Working data: Begin

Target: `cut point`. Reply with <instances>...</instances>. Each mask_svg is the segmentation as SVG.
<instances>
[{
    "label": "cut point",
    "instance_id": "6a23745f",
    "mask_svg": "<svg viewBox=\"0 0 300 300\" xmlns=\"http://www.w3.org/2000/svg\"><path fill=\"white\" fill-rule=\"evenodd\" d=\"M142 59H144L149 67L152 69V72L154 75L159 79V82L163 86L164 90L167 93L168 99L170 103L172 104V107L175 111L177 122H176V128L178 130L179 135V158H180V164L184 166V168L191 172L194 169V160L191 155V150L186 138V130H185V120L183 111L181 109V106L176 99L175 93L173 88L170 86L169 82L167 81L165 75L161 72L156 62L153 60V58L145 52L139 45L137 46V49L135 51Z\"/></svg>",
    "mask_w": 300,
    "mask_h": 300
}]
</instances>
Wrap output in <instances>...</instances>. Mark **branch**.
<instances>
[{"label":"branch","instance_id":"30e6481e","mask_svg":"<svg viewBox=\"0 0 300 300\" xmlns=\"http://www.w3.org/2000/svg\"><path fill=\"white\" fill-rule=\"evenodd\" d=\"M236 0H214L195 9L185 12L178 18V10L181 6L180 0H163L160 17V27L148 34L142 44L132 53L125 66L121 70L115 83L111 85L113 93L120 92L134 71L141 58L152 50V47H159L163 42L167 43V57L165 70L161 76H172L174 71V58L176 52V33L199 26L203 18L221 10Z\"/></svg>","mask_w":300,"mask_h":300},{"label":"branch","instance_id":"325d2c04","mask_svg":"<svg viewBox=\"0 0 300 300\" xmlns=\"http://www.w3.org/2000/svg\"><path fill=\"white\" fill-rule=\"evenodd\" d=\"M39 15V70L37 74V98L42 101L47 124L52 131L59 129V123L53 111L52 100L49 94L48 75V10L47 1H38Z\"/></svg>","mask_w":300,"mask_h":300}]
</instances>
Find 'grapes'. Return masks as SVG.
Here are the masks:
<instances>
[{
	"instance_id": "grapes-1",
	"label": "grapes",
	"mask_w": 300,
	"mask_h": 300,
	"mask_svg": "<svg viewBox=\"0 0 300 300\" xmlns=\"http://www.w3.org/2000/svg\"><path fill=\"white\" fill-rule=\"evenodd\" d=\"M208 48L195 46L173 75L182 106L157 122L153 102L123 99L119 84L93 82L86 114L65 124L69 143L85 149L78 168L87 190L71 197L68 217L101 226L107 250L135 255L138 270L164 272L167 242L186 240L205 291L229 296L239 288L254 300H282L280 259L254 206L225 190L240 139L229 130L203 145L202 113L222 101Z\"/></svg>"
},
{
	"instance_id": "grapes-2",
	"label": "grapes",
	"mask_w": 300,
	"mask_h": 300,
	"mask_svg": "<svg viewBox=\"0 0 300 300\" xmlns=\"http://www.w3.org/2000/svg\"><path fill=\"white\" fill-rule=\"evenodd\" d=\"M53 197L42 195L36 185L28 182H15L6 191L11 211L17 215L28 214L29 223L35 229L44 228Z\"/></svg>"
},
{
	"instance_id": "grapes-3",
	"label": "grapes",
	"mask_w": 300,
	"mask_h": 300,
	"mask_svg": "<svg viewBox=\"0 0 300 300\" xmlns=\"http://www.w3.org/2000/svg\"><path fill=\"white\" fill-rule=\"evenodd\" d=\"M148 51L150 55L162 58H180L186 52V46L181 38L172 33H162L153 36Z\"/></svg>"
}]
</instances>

Working data: End

# Activity:
Find every line above where the word "grapes" occurs, and copy that line.

# Output for this exercise:
Find 'grapes'. Return masks as SVG.
	"instance_id": "grapes-1",
	"label": "grapes",
	"instance_id": "grapes-2",
	"label": "grapes",
	"instance_id": "grapes-3",
	"label": "grapes",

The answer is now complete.